Eurozone inflation slows in July

29 July 2011 Last updated at 10:26 GMT Giant euro sign near the European Central Bank in Frankfurt Some economists now think the ECB will leave interest rates unchanged at 1.5% for the rest of 2011 Eurozone inflation unexpectedly slowed in July to 2.5%, raising questions about when the European Central Bank (ECB) might raise interest rates again.

The preliminary estimate is down from 2.7% in June, according to the European Union statistics office Eurostat.

The July reading comes as a surprise after data earlier this week suggested inflation in Germany, Europe's largest economy, edged up to 2.4%.

The ECB has raised rates twice so far this year to try to control inflation.

The central bank wants to keep inflation below 2%.

'Compelling case'

No change had been expected in the inflation rate in July.

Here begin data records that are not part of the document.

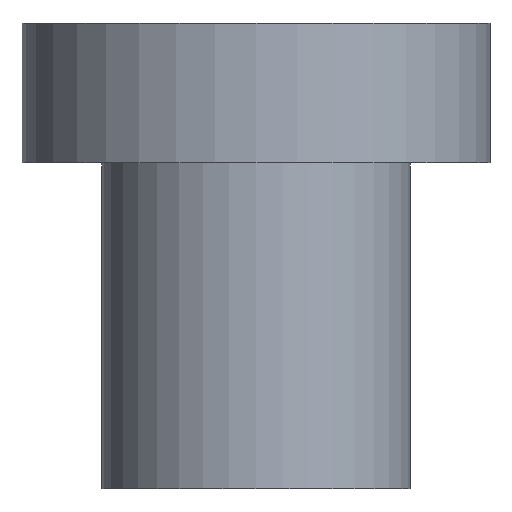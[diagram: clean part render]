
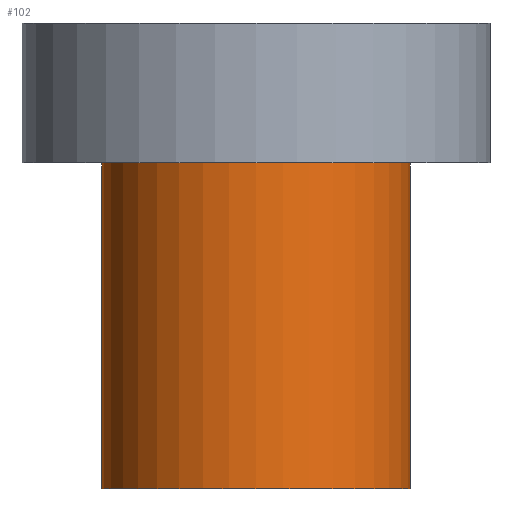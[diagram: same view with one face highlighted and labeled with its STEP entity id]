
A CAD part, front view. The second image highlights one B-rep face of the part: STEP entity #102.
In plain terms, the highlighted cylindrical face has radius 2.6 mm (diameter 5.2 mm), a full revolution.
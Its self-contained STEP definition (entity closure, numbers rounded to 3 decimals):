
#17=CYLINDRICAL_SURFACE('',#129,2.6);
#29=FACE_OUTER_BOUND('',#38,.T.);
#38=EDGE_LOOP('',(#90,#91,#92,#93));
#44=LINE('',#190,#48);
#48=VECTOR('',#163,2.6);
#54=CIRCLE('',#127,2.6);
#55=CIRCLE('',#130,2.6);
#61=VERTEX_POINT('',#183);
#62=VERTEX_POINT('',#188);
#70=EDGE_CURVE('',#61,#61,#54,.T.);
#72=EDGE_CURVE('',#62,#62,#55,.T.);
#73=EDGE_CURVE('',#62,#61,#44,.T.);
#90=ORIENTED_EDGE('',*,*,#72,.F.);
#91=ORIENTED_EDGE('',*,*,#73,.T.);
#92=ORIENTED_EDGE('',*,*,#70,.F.);
#93=ORIENTED_EDGE('',*,*,#73,.F.);
#102=ADVANCED_FACE('',(#29),#17,.T.);
#127=AXIS2_PLACEMENT_3D('',#184,#154,#155);
#129=AXIS2_PLACEMENT_3D('',#187,#159,#160);
#130=AXIS2_PLACEMENT_3D('',#189,#161,#162);
#154=DIRECTION('center_axis',(0.,0.,1.));
#155=DIRECTION('ref_axis',(1.,0.,0.));
#159=DIRECTION('center_axis',(0.,0.,-1.));
#160=DIRECTION('ref_axis',(1.,0.,0.));
#161=DIRECTION('center_axis',(0.,0.,-1.));
#162=DIRECTION('ref_axis',(1.,0.,0.));
#163=DIRECTION('',(0.,0.,1.));
#183=CARTESIAN_POINT('',(-2.6,0.,0.));
#184=CARTESIAN_POINT('Origin',(0.,0.,0.));
#187=CARTESIAN_POINT('Origin',(0.,0.,0.));
#188=CARTESIAN_POINT('',(-2.6,0.,-5.5));
#189=CARTESIAN_POINT('Origin',(0.,0.,-5.5));
#190=CARTESIAN_POINT('',(-2.6,0.,0.));

It is not clear what drove the decline, as Eurostat's initial estimate does not give a breakdown of the numbers - that is only released with the final estimate.

Economists said that the chance of the ECB raising rates from the current 1.5% before the end of the year now appeared less likely.

"While a further interest rate hike in the fourth quarter is clearly very possible, we suspect that slowing eurozone growth and recurrent sovereign debt problems will present an increasingly compelling case for the ECB to hold off from further monetary policy tightening this year," said Howard Archer from IHS Global Insight.

"We also anticipate that the case for further ECB action in 2011 will be diluted by mounting evidence that the second-round inflationary effects from higher energy and commodity prices are being contained.

"We currently expect the ECB to keep interest rates at 1.5% through the rest of 2011, then lift them gradually further to 2.25% by the end of 2012."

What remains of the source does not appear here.